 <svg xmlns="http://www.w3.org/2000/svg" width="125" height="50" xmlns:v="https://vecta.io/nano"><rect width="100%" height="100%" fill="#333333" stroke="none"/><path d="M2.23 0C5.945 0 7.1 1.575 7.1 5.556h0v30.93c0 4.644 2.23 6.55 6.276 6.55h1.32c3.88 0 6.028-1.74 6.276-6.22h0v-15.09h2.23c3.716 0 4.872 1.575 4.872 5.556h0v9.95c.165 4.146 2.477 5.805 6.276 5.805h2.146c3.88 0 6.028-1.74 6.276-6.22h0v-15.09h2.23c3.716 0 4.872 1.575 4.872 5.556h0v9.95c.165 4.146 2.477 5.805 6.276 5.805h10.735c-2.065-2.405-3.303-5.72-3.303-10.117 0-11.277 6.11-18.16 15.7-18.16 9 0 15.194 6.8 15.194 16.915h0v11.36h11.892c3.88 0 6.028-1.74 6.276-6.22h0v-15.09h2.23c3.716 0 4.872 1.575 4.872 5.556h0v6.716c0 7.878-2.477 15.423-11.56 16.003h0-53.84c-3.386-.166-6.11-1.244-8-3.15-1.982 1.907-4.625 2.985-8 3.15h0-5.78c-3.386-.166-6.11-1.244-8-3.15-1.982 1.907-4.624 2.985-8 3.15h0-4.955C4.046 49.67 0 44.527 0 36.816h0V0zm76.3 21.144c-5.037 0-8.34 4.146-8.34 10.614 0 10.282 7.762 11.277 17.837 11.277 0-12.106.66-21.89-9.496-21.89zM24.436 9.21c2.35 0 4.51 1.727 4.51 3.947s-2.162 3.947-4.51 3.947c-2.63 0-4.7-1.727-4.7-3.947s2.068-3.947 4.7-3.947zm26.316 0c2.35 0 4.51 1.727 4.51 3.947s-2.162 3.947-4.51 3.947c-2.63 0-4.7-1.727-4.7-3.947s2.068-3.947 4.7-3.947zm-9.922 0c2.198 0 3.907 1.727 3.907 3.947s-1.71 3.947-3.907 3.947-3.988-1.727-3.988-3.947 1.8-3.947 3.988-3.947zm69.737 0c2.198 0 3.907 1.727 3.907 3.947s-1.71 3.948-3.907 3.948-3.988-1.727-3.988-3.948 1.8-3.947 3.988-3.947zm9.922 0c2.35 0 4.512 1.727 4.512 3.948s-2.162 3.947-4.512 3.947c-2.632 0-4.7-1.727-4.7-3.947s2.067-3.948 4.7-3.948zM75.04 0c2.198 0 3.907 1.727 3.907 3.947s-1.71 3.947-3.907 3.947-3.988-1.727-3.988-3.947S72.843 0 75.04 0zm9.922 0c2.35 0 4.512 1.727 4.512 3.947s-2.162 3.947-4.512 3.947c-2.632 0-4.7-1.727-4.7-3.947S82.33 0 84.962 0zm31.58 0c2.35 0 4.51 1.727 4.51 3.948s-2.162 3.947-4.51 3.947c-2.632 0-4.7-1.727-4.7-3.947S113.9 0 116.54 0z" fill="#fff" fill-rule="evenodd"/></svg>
========================================================================
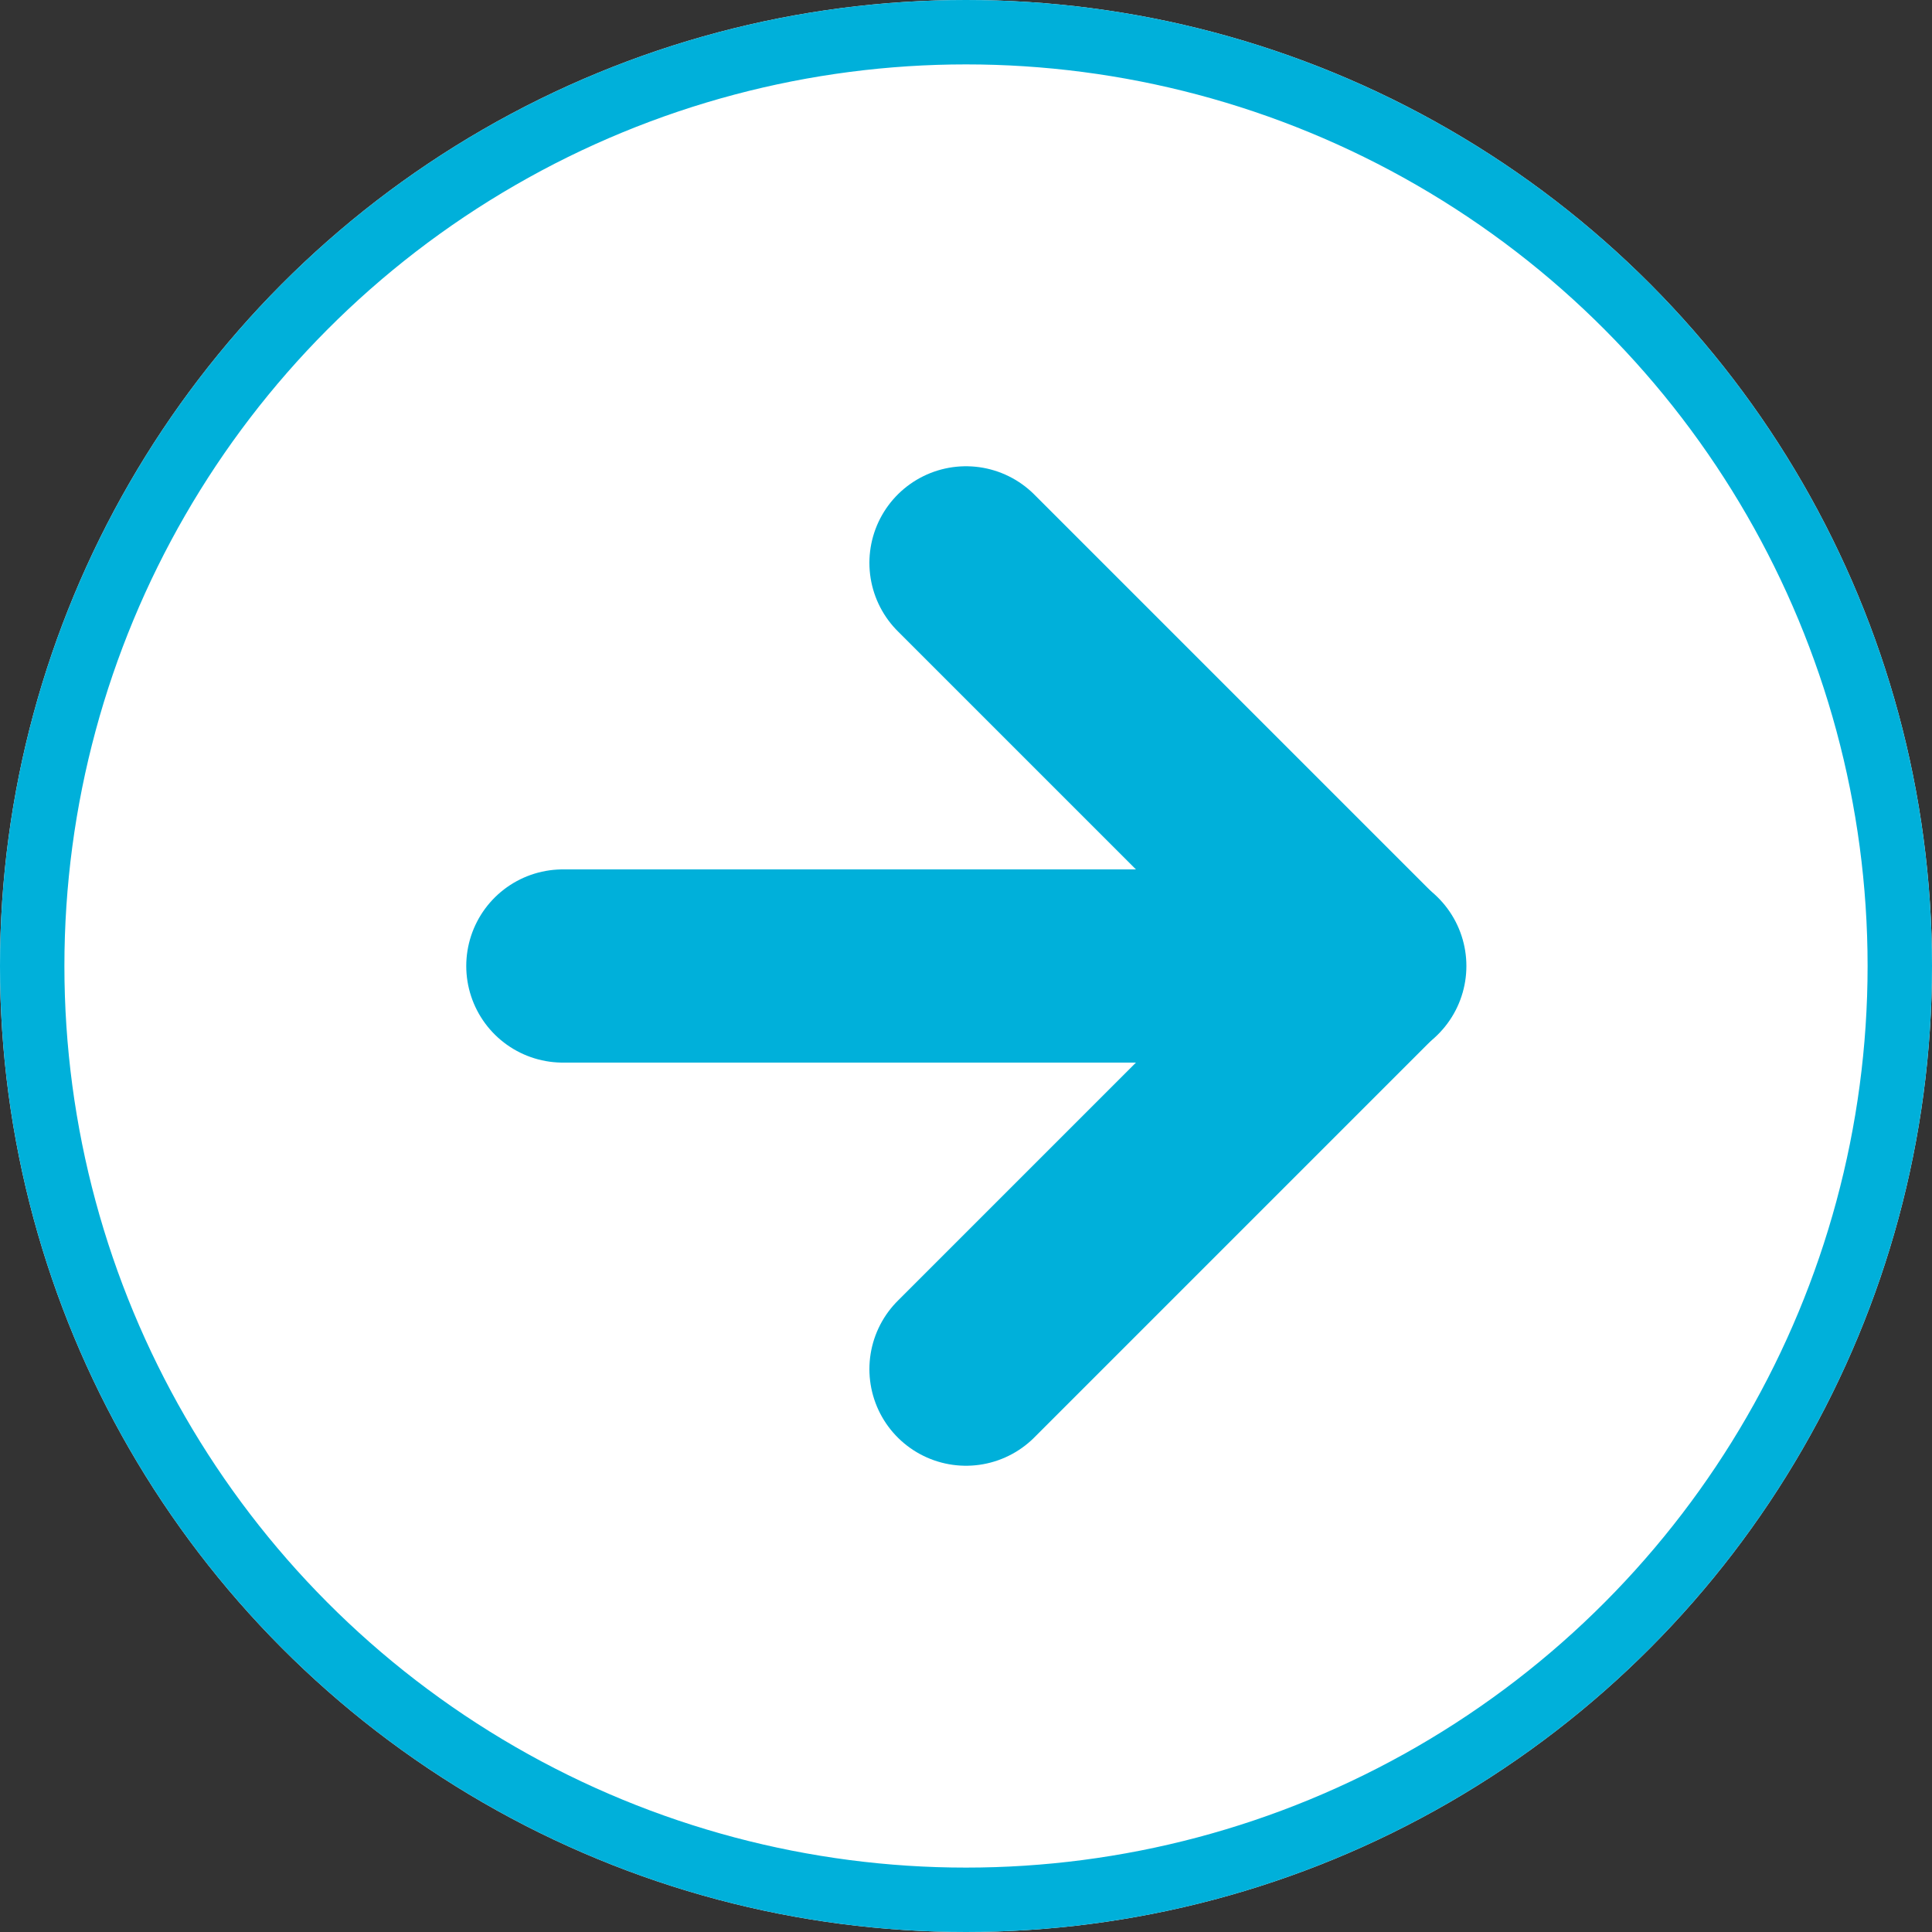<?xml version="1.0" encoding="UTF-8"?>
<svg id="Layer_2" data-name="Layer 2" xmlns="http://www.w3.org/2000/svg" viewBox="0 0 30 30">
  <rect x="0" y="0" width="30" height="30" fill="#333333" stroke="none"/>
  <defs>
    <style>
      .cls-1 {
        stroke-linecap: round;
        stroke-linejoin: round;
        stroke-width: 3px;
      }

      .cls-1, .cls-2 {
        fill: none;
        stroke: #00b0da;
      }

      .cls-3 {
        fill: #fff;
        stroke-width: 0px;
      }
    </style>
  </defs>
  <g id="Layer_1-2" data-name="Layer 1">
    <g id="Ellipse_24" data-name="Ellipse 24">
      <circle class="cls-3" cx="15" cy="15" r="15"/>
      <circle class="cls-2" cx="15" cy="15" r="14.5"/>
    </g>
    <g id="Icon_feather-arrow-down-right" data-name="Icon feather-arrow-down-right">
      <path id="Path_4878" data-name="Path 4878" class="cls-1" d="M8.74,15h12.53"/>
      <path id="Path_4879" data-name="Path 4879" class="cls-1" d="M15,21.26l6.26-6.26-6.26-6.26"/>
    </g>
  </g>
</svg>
========================================================================
Work to complete: Output each line of the listing above that has "name".

Output of the exercise:
<svg id="Layer_2" data-name="Layer 2" xmlns="http://www.w3.org/2000/svg" viewBox="0 0 30 30">
  <g id="Layer_1-2" data-name="Layer 1">
    <g id="Ellipse_24" data-name="Ellipse 24">
    <g id="Icon_feather-arrow-down-right" data-name="Icon feather-arrow-down-right">
      <path id="Path_4878" data-name="Path 4878" class="cls-1" d="M8.74,15h12.53"/>
      <path id="Path_4879" data-name="Path 4879" class="cls-1" d="M15,21.26l6.26-6.26-6.26-6.26"/>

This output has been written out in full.